{Recovery is slow. (Omar, upon my shoulder.)}
Villains in films are deformed. Nearly always is this true. They come creeping, menacing, thundering, brutally, and they assault our senses that favour good, beautiful symmetry. That must be it for in nearly every film, the baddie, the menace, the rotter, the freak, the threat, he or she comes with scars and misshapen features. And typically this threat has but one eye, or at the very least, but one good eye.

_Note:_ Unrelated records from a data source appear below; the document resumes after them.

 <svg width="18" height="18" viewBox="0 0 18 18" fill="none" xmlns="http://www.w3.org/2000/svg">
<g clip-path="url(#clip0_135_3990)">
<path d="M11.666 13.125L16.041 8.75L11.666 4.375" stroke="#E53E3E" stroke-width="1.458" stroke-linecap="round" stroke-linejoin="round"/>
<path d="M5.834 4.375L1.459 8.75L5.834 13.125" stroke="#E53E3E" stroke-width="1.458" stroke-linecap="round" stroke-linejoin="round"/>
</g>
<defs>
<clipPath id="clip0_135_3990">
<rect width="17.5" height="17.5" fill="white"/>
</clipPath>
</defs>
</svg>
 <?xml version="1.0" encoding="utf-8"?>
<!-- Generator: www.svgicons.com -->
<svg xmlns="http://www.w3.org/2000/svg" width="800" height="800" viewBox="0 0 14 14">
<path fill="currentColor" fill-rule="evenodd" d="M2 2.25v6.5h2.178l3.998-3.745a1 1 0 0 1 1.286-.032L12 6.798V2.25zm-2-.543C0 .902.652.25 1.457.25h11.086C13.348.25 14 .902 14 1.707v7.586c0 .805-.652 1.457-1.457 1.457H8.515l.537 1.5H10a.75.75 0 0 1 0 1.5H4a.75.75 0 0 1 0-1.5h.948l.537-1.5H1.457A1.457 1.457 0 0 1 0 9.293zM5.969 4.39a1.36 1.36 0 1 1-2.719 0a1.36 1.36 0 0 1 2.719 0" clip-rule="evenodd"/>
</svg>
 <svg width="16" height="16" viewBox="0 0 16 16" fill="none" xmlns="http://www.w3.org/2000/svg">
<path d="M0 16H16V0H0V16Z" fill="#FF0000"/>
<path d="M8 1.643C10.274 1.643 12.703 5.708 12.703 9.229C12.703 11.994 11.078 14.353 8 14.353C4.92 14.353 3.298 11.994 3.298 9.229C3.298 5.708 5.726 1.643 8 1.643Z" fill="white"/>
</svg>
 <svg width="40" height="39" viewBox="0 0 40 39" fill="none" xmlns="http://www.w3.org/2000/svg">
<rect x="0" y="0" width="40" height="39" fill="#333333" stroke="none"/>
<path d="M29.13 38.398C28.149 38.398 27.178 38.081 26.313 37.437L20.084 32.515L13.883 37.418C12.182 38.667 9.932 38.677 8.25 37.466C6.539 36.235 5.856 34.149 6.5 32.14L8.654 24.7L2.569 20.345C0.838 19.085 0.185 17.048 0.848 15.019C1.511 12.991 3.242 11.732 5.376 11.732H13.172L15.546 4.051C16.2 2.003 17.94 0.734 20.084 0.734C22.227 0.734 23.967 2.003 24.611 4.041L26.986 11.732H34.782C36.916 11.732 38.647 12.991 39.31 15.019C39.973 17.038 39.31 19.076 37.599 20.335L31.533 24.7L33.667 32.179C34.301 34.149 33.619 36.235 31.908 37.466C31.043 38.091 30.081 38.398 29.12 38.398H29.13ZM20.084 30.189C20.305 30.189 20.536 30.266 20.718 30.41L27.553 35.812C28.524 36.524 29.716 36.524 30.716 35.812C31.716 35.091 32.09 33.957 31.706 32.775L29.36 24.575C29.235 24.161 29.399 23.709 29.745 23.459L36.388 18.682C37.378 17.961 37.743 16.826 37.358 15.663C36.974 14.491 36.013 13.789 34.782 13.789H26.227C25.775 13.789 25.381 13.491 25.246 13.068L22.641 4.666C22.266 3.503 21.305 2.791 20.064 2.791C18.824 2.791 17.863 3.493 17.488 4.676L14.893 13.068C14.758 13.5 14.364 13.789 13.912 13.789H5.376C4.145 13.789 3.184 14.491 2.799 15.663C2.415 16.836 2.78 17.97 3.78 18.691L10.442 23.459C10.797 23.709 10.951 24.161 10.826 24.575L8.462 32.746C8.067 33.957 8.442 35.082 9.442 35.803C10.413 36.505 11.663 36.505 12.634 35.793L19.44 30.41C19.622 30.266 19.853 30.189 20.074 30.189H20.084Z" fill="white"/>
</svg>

The premise, presumably: if they had two good eyes they’d see the world as they ought, like us, the banded together good eggs, the morally correct, those still in possession of scruples. All this, of course, is rot, conditioned or otherwise, but there you have it. From goblins underground and orcs on the rampage in Tolkien's land to James Bond’s patched up, scarred and broken opponents, and phantoms in opera houses, evil doers, crooks and wrong ‘uns must look the expected, dictated part. "It was a monster— yet it was a man!" All fear The Cyclops! Nosferatu! Horror flicks! The laws of this curious monstrous trend state clearly that albinos are not to be trusted, and…. I could go on. All this is no new thing to you, I’m sure, but I’ve been surprised by just how many cinematic villains sport a bad eye that closely resembles that of my beloved Omar’s left eye at present. Diagnosed with Horner’s Syndrome late last year, the third eyelid still remains closed, a cloak to his vision. In time this may retract (now that the polyp in his ear canal has been removed and the pressure lifted, I imagine, like a foot off a garden hose), but you never can tell with bodies, can you? Repair takes time, and time is hard to wrangle at best of times, happy to play the slippery eel when a deadline looms before transforming into a snail whenever waiting is called for. Time is a terrific conjurer! And so as I wait for his second blue eye to reappear, I am keeping a loose tally of the bad guys with only one good eye.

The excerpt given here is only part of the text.